El científico que estuvo en prisión por crear los primeros bebés genéticamente modificados. Ahora quiere hacerlo de nuevo.

 – Tinta clara

En 2018, un científico subió a un escenario en Hong Kong para anunciar que había cruzado el Rubicón: el nacimiento de los primeros bebés genéticamente modificados de la historia. Hoy, después de cumplir tres años de prisiónHe Jiankui ha vuelto. Pero él no busca el perdón. Con una financiación de 50 millones de yuanes (unos 7 millones de euros) y una estética cada vez más mesiánica, el hombre apodado el «Frankenstein chino» pretende reescribir de nuevo el código de la vida. Esta vez, con una promesa aún mayor: erradicar el Alzheimer.

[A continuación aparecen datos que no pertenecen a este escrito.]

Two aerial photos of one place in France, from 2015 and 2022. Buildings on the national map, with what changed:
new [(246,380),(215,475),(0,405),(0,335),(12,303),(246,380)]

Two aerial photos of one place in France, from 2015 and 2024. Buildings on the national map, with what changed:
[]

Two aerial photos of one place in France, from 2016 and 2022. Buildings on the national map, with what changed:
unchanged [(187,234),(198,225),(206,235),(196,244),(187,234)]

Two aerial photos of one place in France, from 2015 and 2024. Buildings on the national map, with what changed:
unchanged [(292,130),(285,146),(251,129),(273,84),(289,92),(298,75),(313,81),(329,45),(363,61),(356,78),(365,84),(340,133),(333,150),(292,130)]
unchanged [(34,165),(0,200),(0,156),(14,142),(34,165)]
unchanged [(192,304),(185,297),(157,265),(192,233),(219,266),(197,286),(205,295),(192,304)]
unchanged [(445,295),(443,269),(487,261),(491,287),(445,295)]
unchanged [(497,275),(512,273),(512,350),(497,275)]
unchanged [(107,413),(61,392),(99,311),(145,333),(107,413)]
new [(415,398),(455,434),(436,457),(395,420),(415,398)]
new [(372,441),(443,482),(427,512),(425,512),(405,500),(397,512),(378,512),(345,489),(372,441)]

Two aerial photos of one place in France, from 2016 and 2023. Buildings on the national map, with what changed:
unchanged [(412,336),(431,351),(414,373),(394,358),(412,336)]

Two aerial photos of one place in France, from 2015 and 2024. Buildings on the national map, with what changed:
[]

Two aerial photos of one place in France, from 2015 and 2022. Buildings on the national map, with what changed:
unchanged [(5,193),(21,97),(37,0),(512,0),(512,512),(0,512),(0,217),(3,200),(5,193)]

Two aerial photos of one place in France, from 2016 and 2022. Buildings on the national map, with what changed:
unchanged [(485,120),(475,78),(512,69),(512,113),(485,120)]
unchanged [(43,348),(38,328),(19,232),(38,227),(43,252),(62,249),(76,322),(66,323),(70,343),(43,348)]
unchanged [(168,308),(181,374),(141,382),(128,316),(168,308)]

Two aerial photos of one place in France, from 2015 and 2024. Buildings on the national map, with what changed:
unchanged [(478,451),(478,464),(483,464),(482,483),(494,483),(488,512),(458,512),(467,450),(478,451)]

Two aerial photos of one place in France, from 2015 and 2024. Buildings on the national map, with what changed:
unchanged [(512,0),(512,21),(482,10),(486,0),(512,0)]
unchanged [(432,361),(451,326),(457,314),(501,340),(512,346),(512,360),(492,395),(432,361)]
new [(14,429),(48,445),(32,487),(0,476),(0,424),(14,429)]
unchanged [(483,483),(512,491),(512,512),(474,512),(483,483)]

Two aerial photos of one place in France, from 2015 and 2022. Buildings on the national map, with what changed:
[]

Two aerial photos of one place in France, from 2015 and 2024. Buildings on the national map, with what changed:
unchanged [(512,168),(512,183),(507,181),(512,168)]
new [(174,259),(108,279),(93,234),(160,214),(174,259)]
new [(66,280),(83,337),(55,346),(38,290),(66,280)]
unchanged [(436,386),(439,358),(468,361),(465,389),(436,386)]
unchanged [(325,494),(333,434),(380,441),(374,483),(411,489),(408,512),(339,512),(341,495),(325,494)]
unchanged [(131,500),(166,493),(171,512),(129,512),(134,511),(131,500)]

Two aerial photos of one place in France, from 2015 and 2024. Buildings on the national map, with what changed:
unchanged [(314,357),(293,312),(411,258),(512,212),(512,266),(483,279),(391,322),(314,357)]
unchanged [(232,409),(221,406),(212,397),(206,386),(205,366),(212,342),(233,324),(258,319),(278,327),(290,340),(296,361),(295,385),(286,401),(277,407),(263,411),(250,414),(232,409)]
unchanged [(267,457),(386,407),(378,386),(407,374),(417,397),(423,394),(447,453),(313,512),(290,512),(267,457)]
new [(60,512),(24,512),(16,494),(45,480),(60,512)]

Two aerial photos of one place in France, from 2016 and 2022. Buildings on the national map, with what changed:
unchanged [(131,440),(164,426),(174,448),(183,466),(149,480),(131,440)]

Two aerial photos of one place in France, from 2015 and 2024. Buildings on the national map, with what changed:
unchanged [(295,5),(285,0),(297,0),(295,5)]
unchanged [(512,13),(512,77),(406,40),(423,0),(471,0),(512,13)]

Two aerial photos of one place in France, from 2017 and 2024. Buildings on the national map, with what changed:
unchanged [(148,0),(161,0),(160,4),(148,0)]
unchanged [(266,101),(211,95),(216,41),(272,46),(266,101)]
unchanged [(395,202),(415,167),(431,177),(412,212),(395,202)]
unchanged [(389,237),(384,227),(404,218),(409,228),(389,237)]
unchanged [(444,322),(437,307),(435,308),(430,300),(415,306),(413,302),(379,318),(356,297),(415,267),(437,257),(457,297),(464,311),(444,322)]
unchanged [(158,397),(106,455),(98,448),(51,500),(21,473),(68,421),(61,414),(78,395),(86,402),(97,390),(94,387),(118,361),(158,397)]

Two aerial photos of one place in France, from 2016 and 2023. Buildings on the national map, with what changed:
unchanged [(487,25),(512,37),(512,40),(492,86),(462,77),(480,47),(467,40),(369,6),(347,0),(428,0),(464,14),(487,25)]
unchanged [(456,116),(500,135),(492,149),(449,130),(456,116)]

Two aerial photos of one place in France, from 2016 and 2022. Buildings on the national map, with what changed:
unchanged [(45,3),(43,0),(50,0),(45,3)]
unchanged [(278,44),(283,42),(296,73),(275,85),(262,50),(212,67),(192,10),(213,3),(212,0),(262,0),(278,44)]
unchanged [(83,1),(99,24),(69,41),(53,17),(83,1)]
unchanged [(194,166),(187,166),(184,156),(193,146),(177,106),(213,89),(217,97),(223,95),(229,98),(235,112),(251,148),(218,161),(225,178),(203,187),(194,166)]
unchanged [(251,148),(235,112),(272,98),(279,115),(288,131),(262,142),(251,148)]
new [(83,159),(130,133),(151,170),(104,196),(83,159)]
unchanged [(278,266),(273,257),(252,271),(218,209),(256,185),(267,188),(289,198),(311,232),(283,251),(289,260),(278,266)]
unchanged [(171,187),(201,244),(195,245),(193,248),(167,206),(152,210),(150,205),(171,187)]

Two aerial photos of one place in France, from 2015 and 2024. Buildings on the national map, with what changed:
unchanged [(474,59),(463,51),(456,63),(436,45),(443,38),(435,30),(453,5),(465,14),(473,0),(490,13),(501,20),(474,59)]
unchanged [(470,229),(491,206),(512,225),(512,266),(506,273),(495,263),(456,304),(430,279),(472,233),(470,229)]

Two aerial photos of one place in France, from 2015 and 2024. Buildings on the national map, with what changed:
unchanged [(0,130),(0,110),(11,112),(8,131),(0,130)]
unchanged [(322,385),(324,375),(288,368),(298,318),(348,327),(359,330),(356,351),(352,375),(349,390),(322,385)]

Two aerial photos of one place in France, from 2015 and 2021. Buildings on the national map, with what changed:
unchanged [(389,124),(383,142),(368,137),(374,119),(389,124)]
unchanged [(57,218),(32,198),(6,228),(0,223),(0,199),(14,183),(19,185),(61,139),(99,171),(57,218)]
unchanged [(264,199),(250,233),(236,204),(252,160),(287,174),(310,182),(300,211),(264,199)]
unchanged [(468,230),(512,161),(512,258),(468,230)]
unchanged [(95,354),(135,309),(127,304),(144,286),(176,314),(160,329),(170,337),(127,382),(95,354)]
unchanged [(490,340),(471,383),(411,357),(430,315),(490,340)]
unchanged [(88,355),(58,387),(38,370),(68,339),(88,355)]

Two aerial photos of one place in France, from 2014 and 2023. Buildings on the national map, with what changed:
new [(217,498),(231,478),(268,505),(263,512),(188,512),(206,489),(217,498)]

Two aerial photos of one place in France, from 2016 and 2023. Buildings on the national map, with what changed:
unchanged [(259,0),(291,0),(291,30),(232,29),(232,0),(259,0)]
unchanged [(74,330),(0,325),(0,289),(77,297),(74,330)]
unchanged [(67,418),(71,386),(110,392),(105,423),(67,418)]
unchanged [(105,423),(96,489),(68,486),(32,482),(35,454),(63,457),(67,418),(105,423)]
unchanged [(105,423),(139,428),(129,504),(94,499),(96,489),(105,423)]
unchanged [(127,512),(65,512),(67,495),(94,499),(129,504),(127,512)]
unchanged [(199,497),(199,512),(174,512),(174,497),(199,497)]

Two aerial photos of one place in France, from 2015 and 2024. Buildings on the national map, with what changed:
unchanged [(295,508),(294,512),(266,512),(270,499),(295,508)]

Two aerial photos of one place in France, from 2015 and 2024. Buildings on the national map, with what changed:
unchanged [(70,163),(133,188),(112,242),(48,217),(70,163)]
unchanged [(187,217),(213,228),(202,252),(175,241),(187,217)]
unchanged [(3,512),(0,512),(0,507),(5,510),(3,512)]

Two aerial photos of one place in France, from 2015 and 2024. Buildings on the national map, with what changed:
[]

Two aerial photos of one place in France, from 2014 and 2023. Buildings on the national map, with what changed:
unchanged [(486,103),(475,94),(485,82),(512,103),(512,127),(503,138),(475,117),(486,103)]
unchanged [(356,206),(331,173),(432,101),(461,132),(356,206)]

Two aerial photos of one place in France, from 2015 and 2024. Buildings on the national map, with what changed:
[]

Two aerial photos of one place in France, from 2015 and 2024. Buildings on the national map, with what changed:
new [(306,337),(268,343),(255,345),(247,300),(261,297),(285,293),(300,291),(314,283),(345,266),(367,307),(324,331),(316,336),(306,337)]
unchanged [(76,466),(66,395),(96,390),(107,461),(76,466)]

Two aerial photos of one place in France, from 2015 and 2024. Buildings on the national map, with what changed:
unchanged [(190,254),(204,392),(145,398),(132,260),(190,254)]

«¡Sé lo que se siente ser Dios!» gritó el profesor Frankenstein, interpretado por Colin Clive, en la película. frankenstein (1931), estableciendo para siempre el mito del científico que traspasa todos los límites. Tras su liberación en 2022, He Jiankui parece haber asumido ese papel sin ironía. En una entrevista reciente con CABLEADOya no se presenta como un investigador imprudente que aprendió la lección, sino como un «pionero de la edición genética», término que exigió como condición para ser entrevistado. En las redes sociales se le define como el «Darwin chino» o el «Oppenheimer de China»y a menudo publica fotos con un abrigo impecable, posando sola en un laboratorio.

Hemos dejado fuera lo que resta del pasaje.